■ Source material
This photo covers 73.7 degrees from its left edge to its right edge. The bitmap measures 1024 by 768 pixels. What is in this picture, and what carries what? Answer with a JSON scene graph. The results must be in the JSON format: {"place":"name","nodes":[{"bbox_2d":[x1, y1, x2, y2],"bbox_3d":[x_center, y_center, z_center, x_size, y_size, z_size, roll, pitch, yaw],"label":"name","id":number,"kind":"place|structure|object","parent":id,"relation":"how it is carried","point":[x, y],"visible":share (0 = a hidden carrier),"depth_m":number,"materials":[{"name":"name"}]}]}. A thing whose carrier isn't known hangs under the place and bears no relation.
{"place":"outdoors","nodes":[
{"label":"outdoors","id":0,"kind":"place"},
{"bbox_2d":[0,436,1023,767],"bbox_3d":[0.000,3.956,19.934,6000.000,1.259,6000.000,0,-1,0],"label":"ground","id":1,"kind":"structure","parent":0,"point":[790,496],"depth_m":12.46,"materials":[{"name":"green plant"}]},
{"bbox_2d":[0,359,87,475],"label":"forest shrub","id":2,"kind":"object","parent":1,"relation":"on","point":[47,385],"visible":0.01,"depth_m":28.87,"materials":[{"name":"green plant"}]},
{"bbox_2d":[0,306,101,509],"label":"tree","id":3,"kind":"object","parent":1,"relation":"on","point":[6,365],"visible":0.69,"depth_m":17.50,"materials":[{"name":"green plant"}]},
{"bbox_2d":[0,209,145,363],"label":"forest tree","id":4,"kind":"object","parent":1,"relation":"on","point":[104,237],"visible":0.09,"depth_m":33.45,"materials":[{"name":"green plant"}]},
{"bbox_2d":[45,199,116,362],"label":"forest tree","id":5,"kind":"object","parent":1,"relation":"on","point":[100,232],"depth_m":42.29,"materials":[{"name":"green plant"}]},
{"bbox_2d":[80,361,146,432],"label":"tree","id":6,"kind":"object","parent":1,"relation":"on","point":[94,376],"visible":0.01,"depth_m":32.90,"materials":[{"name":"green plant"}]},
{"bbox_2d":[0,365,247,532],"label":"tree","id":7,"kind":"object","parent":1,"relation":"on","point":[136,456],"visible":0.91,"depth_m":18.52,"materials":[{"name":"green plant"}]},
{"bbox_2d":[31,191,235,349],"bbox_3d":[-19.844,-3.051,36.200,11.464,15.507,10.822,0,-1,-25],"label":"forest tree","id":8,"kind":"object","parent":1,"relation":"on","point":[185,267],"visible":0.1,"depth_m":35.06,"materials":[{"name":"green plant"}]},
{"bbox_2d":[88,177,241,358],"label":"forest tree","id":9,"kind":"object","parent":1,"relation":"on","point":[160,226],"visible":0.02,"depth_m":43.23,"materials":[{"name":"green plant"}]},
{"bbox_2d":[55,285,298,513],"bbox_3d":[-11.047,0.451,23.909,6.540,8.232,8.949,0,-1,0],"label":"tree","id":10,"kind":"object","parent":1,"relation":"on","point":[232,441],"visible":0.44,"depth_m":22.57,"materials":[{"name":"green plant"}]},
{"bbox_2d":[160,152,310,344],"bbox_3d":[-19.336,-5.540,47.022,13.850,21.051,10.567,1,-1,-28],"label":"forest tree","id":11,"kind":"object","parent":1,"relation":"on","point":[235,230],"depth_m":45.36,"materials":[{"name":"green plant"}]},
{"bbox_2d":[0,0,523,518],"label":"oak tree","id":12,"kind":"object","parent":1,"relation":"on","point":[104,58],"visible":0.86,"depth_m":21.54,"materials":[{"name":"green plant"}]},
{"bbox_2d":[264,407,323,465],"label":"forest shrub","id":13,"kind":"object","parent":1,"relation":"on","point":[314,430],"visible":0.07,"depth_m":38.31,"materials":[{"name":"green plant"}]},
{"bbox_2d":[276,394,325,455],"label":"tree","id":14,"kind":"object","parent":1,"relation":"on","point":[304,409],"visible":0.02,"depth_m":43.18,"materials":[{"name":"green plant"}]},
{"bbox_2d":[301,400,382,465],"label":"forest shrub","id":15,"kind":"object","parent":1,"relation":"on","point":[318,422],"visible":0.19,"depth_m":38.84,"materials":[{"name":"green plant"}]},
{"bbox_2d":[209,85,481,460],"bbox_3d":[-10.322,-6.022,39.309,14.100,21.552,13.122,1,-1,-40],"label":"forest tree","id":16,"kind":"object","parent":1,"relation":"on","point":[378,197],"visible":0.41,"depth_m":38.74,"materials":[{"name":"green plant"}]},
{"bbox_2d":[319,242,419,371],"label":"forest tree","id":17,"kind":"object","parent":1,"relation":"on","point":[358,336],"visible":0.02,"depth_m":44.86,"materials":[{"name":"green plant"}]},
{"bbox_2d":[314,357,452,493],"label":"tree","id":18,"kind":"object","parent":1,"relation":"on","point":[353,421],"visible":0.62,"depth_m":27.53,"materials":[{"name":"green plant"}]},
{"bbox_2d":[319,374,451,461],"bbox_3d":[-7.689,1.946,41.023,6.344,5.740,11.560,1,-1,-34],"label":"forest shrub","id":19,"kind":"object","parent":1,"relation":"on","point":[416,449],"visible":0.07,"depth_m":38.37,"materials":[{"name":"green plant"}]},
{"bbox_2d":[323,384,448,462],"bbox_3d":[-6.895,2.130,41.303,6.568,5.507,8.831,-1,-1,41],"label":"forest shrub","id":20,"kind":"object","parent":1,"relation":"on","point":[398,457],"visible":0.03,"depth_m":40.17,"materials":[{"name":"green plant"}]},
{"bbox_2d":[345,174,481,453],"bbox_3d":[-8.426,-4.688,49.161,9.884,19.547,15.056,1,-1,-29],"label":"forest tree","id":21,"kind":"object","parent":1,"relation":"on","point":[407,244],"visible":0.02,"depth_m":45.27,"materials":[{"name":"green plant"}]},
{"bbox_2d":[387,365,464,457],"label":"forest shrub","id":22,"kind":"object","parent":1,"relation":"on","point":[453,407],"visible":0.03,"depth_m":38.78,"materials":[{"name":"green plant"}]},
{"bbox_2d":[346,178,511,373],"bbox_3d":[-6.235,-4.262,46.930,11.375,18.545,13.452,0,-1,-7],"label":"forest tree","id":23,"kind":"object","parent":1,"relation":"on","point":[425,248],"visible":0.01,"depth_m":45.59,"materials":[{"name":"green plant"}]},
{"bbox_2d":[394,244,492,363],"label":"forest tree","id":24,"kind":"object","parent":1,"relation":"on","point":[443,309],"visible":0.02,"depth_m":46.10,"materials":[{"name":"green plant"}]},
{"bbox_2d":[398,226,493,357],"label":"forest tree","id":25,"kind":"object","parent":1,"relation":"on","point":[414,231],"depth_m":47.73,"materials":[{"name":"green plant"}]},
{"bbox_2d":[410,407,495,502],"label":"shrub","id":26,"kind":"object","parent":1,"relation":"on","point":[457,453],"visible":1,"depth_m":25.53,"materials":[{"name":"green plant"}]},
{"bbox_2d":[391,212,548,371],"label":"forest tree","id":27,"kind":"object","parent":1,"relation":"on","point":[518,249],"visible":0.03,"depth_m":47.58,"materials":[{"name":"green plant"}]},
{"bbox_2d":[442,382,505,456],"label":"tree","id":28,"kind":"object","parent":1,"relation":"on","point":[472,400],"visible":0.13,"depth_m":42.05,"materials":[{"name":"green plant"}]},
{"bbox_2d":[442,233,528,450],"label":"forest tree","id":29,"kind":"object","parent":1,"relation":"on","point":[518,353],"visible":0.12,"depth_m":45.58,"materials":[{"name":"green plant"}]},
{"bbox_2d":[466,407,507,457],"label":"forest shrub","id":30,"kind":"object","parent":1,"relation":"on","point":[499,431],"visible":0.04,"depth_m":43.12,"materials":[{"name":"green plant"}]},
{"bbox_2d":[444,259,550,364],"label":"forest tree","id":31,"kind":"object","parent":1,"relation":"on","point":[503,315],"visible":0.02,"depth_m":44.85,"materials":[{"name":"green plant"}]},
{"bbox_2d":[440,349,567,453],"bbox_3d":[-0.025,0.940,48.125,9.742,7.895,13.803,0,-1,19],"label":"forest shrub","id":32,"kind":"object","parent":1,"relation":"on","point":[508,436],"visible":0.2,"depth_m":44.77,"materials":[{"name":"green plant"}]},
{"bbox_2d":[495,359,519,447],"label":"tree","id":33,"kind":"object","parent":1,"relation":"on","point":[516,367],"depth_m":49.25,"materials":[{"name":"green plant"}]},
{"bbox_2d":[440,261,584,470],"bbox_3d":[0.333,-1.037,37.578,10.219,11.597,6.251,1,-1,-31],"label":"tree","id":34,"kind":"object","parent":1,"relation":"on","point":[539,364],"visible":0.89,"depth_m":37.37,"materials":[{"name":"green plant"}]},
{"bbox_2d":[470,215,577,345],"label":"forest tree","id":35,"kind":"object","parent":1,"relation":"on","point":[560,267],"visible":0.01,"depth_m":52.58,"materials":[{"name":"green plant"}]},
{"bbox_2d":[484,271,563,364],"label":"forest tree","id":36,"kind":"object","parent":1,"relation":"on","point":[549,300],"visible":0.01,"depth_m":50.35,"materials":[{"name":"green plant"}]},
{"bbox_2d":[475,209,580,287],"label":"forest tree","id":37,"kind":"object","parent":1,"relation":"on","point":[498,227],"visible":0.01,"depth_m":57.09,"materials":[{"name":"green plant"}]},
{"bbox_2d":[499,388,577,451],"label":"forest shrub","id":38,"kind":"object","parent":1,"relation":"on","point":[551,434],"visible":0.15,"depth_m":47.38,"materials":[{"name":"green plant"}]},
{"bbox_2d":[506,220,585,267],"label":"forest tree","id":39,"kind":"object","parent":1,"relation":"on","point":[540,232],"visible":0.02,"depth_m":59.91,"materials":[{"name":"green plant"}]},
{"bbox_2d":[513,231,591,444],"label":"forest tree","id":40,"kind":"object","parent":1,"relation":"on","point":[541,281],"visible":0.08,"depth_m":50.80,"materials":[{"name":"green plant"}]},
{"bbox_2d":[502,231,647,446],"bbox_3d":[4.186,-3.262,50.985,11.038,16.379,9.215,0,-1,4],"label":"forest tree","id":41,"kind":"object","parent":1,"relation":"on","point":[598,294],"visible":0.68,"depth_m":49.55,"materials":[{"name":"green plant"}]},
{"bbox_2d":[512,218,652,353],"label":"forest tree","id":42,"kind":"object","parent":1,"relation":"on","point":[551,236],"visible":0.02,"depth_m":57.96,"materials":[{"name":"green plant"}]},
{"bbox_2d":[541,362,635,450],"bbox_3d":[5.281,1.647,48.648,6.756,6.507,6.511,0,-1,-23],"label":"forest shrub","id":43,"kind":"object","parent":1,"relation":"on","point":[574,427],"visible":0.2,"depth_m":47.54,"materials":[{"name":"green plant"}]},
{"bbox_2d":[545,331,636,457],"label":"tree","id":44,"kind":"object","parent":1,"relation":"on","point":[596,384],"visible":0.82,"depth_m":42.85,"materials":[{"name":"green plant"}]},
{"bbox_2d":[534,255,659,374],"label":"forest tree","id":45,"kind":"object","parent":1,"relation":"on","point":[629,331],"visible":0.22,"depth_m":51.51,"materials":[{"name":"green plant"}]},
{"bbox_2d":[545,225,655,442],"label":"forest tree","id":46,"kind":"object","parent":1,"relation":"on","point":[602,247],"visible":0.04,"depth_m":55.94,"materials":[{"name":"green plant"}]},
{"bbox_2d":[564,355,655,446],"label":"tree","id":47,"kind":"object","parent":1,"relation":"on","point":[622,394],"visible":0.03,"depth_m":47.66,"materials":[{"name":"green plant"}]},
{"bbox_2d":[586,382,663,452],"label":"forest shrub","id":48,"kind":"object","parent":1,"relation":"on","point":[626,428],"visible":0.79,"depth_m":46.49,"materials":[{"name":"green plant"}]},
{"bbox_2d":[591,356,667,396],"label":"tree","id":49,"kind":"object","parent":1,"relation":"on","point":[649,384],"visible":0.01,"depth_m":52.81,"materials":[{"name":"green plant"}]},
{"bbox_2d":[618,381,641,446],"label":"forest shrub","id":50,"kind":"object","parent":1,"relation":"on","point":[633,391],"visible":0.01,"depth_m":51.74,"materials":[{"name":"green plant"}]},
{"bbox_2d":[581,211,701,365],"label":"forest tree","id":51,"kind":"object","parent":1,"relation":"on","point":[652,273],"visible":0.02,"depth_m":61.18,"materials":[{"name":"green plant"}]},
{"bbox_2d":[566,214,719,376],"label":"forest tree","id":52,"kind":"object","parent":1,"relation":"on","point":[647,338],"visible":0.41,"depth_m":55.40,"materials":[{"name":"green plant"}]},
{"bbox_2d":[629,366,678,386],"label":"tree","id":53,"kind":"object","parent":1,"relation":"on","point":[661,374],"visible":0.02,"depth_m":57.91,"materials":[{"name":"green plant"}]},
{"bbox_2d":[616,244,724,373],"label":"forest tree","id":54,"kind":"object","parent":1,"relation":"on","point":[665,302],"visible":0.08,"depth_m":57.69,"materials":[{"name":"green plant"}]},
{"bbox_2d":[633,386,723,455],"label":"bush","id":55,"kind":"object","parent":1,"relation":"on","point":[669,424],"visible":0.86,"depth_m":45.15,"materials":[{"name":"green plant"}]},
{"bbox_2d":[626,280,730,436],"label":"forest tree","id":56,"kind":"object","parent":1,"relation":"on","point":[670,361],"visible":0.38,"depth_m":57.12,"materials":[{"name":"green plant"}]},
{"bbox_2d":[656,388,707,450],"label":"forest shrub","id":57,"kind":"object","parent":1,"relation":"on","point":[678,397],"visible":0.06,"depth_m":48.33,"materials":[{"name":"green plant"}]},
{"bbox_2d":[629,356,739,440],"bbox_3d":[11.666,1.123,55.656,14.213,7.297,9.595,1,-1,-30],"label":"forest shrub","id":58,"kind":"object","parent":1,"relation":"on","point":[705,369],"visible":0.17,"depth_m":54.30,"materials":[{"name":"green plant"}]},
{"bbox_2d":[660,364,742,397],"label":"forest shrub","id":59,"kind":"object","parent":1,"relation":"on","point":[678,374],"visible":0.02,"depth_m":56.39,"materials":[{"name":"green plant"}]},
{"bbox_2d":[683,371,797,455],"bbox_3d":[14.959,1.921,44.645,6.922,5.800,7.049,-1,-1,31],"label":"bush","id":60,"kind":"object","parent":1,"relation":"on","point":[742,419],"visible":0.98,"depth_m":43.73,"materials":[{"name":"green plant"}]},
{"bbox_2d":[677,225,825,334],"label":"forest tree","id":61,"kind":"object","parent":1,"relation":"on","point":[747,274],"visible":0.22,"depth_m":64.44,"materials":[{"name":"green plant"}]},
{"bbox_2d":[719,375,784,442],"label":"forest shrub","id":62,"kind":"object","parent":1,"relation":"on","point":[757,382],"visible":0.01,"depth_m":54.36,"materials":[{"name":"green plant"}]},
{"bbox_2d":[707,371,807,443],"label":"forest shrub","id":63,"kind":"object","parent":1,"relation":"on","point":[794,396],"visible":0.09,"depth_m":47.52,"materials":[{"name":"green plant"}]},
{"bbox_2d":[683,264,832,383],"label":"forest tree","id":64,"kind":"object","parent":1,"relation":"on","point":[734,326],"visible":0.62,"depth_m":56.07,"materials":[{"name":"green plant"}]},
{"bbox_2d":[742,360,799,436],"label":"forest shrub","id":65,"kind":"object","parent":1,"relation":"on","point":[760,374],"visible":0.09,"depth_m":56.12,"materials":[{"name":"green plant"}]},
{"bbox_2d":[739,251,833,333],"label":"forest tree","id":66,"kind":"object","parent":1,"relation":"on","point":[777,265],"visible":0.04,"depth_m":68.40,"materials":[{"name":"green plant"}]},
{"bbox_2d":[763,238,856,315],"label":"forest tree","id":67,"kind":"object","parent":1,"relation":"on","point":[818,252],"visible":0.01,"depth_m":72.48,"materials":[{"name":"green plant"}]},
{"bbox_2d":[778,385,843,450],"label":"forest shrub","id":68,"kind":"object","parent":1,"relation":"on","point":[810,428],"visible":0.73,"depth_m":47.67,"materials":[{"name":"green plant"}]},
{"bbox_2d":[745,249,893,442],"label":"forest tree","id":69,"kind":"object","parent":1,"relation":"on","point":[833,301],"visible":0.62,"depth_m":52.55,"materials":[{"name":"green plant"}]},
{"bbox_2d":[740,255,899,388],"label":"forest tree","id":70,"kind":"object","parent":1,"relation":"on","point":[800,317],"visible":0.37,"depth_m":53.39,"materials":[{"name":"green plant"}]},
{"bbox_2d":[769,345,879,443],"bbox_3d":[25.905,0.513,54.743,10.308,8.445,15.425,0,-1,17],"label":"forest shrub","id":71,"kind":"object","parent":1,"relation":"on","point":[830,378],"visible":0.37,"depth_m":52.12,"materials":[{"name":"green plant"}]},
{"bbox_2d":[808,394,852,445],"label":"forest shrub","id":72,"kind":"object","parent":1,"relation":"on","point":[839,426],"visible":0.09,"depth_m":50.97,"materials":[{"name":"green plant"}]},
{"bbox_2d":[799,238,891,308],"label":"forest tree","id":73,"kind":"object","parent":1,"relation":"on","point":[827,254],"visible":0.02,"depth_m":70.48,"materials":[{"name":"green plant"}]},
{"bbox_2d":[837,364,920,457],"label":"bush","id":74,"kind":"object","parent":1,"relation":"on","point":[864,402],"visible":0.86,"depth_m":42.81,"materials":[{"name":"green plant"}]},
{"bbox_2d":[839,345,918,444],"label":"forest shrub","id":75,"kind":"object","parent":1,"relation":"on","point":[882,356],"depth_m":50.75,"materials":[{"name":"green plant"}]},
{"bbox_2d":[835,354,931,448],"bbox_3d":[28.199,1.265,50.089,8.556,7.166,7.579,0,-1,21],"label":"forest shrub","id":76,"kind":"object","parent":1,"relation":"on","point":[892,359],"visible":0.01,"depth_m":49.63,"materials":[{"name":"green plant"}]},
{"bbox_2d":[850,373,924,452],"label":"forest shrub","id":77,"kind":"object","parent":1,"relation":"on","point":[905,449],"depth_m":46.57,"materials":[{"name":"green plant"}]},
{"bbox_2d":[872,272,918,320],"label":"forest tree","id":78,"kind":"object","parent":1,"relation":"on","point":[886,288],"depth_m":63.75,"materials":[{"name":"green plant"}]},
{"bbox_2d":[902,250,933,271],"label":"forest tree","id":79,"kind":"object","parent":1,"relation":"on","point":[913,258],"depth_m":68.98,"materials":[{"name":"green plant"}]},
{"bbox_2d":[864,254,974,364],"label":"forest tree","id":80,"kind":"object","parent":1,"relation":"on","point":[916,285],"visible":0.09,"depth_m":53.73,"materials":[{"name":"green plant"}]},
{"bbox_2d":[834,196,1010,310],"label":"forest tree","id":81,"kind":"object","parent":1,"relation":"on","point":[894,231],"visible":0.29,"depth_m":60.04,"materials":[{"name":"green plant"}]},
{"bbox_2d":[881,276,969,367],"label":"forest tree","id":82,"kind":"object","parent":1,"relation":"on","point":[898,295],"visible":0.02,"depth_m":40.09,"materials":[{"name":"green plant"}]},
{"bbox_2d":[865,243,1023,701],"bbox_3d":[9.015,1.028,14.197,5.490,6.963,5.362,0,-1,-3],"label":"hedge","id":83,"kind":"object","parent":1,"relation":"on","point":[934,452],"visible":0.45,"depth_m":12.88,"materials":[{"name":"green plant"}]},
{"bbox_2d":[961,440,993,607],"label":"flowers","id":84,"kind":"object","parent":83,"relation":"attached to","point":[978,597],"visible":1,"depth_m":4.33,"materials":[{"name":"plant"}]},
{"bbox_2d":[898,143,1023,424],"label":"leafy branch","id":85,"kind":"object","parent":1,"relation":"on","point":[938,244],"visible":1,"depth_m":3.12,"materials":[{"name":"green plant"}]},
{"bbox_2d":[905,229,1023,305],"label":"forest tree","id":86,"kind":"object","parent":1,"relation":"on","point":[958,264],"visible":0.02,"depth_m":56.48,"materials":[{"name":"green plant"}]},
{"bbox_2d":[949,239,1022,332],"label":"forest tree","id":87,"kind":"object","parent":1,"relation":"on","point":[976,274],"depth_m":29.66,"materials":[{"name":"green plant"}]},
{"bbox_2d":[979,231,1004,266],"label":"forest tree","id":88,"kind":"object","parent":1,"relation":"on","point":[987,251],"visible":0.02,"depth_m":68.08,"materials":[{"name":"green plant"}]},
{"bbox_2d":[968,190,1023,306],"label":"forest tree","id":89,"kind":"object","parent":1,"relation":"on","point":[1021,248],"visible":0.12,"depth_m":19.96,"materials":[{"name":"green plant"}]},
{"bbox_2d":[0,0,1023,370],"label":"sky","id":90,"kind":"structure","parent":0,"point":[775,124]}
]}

* * *

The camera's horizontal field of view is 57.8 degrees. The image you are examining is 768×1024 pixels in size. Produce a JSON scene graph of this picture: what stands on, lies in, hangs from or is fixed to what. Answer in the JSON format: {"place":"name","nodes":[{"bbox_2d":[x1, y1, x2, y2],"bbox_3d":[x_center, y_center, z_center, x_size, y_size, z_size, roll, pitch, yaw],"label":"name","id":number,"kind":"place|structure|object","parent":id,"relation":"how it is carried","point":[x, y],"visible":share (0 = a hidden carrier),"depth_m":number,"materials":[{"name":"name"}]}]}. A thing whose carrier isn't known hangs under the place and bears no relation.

* * *

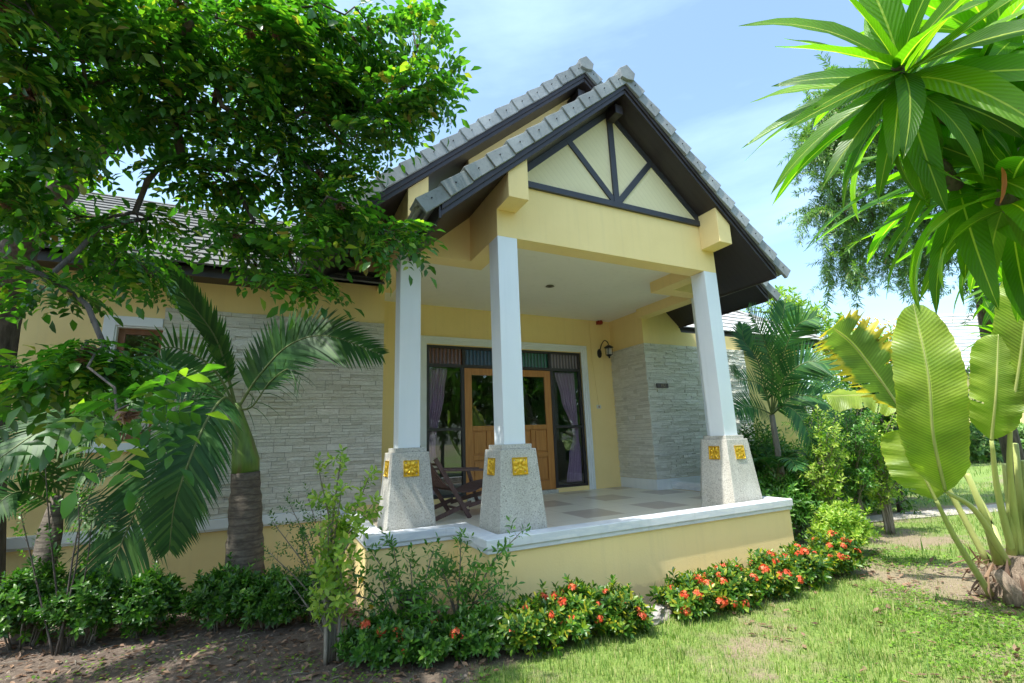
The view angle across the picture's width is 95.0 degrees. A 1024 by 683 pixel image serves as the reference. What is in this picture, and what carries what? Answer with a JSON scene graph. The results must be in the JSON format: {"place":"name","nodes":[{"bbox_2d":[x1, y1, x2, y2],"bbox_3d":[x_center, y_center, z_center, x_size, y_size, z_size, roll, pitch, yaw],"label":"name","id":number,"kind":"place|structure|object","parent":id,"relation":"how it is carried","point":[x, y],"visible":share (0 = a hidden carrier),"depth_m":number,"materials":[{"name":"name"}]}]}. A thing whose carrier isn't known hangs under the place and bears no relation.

■ Work item
Exactly one number is the expected answer: the count of lines in the entries where the word "view" is found.

■ Your response
2